World News Intel

When my daughter was in the early years of primary school, her class was asked what their parents’ hobbies were. My daughter piped up promptly with mine: “Reading, sleeping, and drinking wine.” This disclosure of my deficiencies — among the more well-adapted offerings of cycling, gardening, Pilates practice and marathon-running — got me in the soft nervous centre of my self-worth.

Sleeping, reading and drinking wine are three things I have always felt guilty about. They are emblematic of my chronic tendency to procrastinate, my lax self-regulation, my failure to use time productively. Excluding my contribution to the wine industry, they have no dollar value. They produce nothing of immediate, measurable value. They have no rounded sense of task completion at their end.

All of them require a loose and idle relationship with time. Reading US essayist Sheila Liming’s Hanging Out: The radical power of killing time, I realise that, in indulging my dubious pastimes, I am in fact simply “hanging out” with myself.

And “hanging out” — that generous, time-lazy, day-squandering activity that seems to belong only to childhood and adolescence — may well be, Liming says, not only a “survival mechanism” and deeply human need, but an act of refusal, an act with a “radical character”.


Saving Time: Discovering a life beyond the clock – Jenny Odell (The Bodley Head); Hanging Out: The radical power of killing time – Sheila Liming (Black Inc.)


Reading Liming’s effortlessly intelligent book, I begin to more deeply understand where my guilt comes from.
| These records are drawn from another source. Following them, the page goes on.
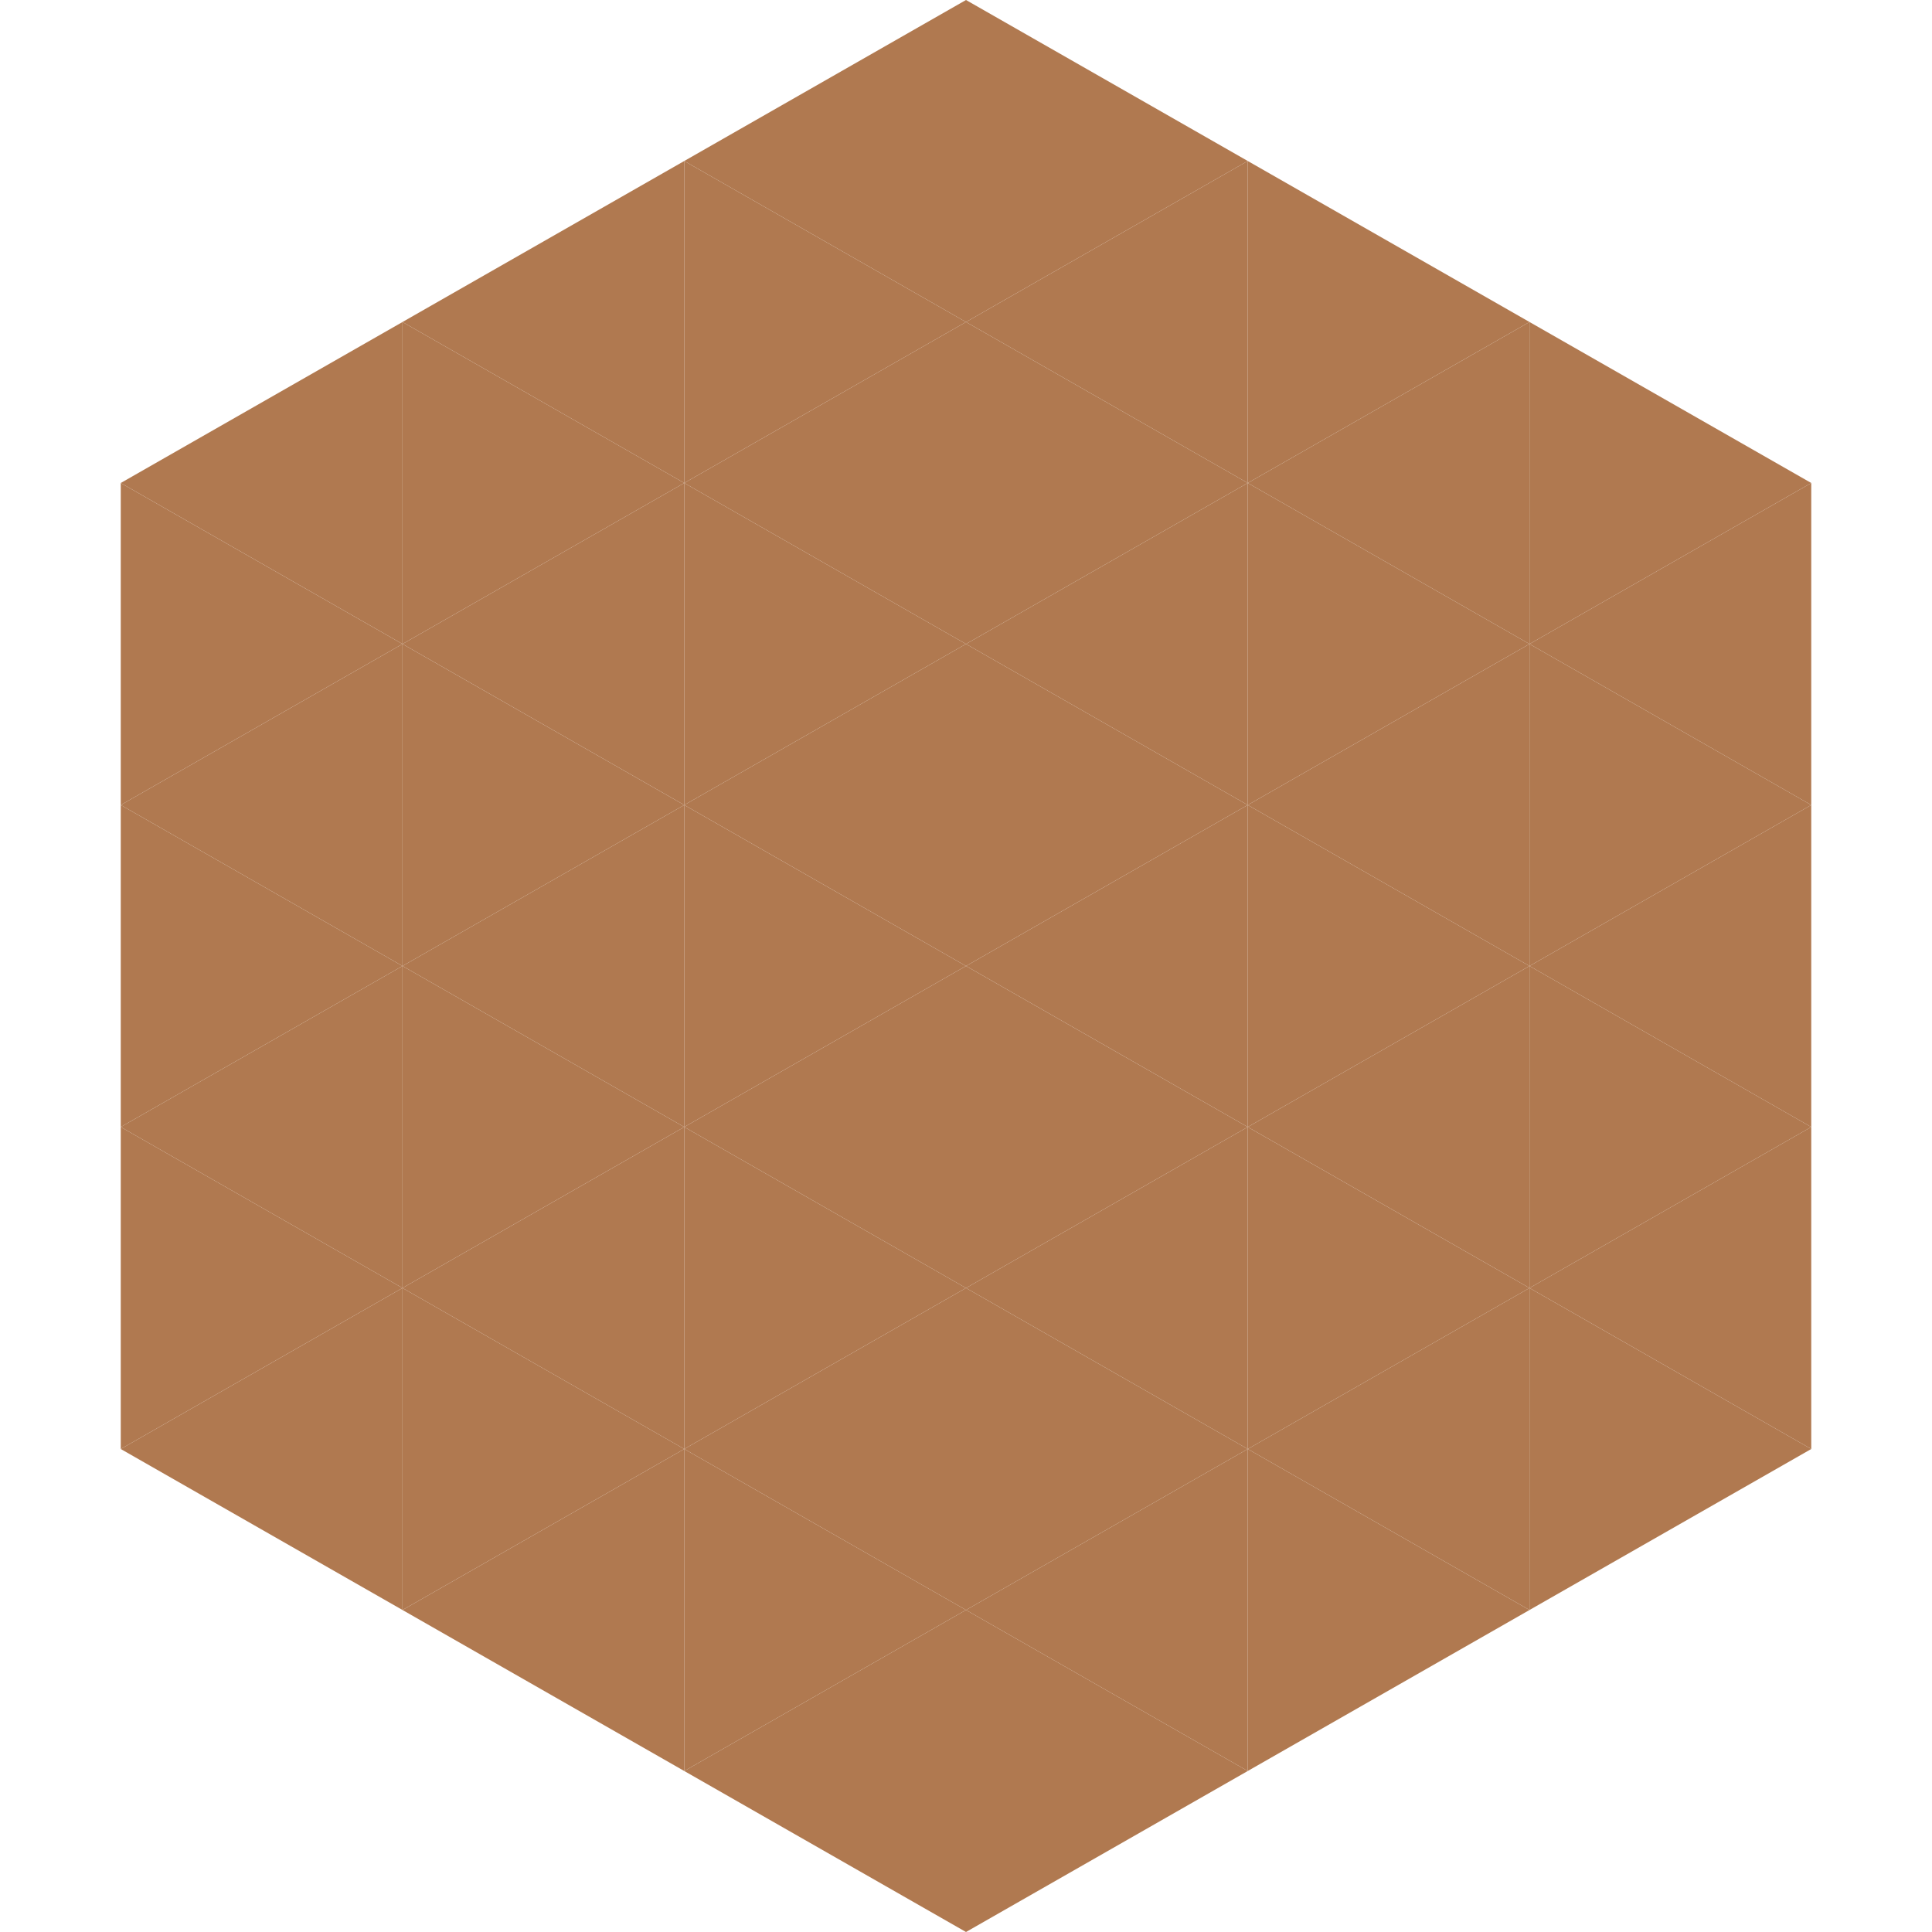 <?xml version="1.0"?>
<!-- Generated by SVGo -->
<svg width="240" height="240"
     xmlns="http://www.w3.org/2000/svg"
     xmlns:xlink="http://www.w3.org/1999/xlink">
<polygon points="50,40 15,60 50,80" style="fill:rgb(176,121,80)" />
<polygon points="190,40 225,60 190,80" style="fill:rgb(176,121,80)" />
<polygon points="15,60 50,80 15,100" style="fill:rgb(176,121,80)" />
<polygon points="225,60 190,80 225,100" style="fill:rgb(176,121,80)" />
<polygon points="50,80 15,100 50,120" style="fill:rgb(176,121,80)" />
<polygon points="190,80 225,100 190,120" style="fill:rgb(176,121,80)" />
<polygon points="15,100 50,120 15,140" style="fill:rgb(176,121,80)" />
<polygon points="225,100 190,120 225,140" style="fill:rgb(176,121,80)" />
<polygon points="50,120 15,140 50,160" style="fill:rgb(176,121,80)" />
<polygon points="190,120 225,140 190,160" style="fill:rgb(176,121,80)" />
<polygon points="15,140 50,160 15,180" style="fill:rgb(176,121,80)" />
<polygon points="225,140 190,160 225,180" style="fill:rgb(176,121,80)" />
<polygon points="50,160 15,180 50,200" style="fill:rgb(176,121,80)" />
<polygon points="190,160 225,180 190,200" style="fill:rgb(176,121,80)" />
<polygon points="15,180 50,200 15,220" style="fill:rgb(255,255,255); fill-opacity:0" />
<polygon points="225,180 190,200 225,220" style="fill:rgb(255,255,255); fill-opacity:0" />
<polygon points="50,0 85,20 50,40" style="fill:rgb(255,255,255); fill-opacity:0" />
<polygon points="190,0 155,20 190,40" style="fill:rgb(255,255,255); fill-opacity:0" />
<polygon points="85,20 50,40 85,60" style="fill:rgb(176,121,80)" />
<polygon points="155,20 190,40 155,60" style="fill:rgb(176,121,80)" />
<polygon points="50,40 85,60 50,80" style="fill:rgb(176,121,80)" />
<polygon points="190,40 155,60 190,80" style="fill:rgb(176,121,80)" />
<polygon points="85,60 50,80 85,100" style="fill:rgb(176,121,80)" />
<polygon points="155,60 190,80 155,100" style="fill:rgb(176,121,80)" />
<polygon points="50,80 85,100 50,120" style="fill:rgb(176,121,80)" />
<polygon points="190,80 155,100 190,120" style="fill:rgb(176,121,80)" />
<polygon points="85,100 50,120 85,140" style="fill:rgb(176,121,80)" />
<polygon points="155,100 190,120 155,140" style="fill:rgb(176,121,80)" />
<polygon points="50,120 85,140 50,160" style="fill:rgb(176,121,80)" />
<polygon points="190,120 155,140 190,160" style="fill:rgb(176,121,80)" />
<polygon points="85,140 50,160 85,180" style="fill:rgb(176,121,80)" />
<polygon points="155,140 190,160 155,180" style="fill:rgb(176,121,80)" />
<polygon points="50,160 85,180 50,200" style="fill:rgb(176,121,80)" />
<polygon points="190,160 155,180 190,200" style="fill:rgb(176,121,80)" />
<polygon points="85,180 50,200 85,220" style="fill:rgb(176,121,80)" />
<polygon points="155,180 190,200 155,220" style="fill:rgb(176,121,80)" />
<polygon points="120,0 85,20 120,40" style="fill:rgb(176,121,80)" />
<polygon points="120,0 155,20 120,40" style="fill:rgb(176,121,80)" />
<polygon points="85,20 120,40 85,60" style="fill:rgb(176,121,80)" />
<polygon points="155,20 120,40 155,60" style="fill:rgb(176,121,80)" />
<polygon points="120,40 85,60 120,80" style="fill:rgb(176,121,80)" />
<polygon points="120,40 155,60 120,80" style="fill:rgb(176,121,80)" />
<polygon points="85,60 120,80 85,100" style="fill:rgb(176,121,80)" />
<polygon points="155,60 120,80 155,100" style="fill:rgb(176,121,80)" />
<polygon points="120,80 85,100 120,120" style="fill:rgb(176,121,80)" />
<polygon points="120,80 155,100 120,120" style="fill:rgb(176,121,80)" />
<polygon points="85,100 120,120 85,140" style="fill:rgb(176,121,80)" />
<polygon points="155,100 120,120 155,140" style="fill:rgb(176,121,80)" />
<polygon points="120,120 85,140 120,160" style="fill:rgb(176,121,80)" />
<polygon points="120,120 155,140 120,160" style="fill:rgb(176,121,80)" />
<polygon points="85,140 120,160 85,180" style="fill:rgb(176,121,80)" />
<polygon points="155,140 120,160 155,180" style="fill:rgb(176,121,80)" />
<polygon points="120,160 85,180 120,200" style="fill:rgb(176,121,80)" />
<polygon points="120,160 155,180 120,200" style="fill:rgb(176,121,80)" />
<polygon points="85,180 120,200 85,220" style="fill:rgb(176,121,80)" />
<polygon points="155,180 120,200 155,220" style="fill:rgb(176,121,80)" />
<polygon points="120,200 85,220 120,240" style="fill:rgb(176,121,80)" />
<polygon points="120,200 155,220 120,240" style="fill:rgb(176,121,80)" />
<polygon points="85,220 120,240 85,260" style="fill:rgb(255,255,255); fill-opacity:0" />
<polygon points="155,220 120,240 155,260" style="fill:rgb(255,255,255); fill-opacity:0" />
</svg>

It’s not just coming from my liver. And I’m not sleeping ten hours a day just to refresh myself for more productive work. I don’t read merely to become erudite and informed enough to pen articles like this.

I’m guilty because hanging out — either alone or with friends — has become anxiety-ridden, overthought, over-structured, over-laden. Unfree. All those other things I should be doing. And I can’t dismiss them, because they have colonised my very being.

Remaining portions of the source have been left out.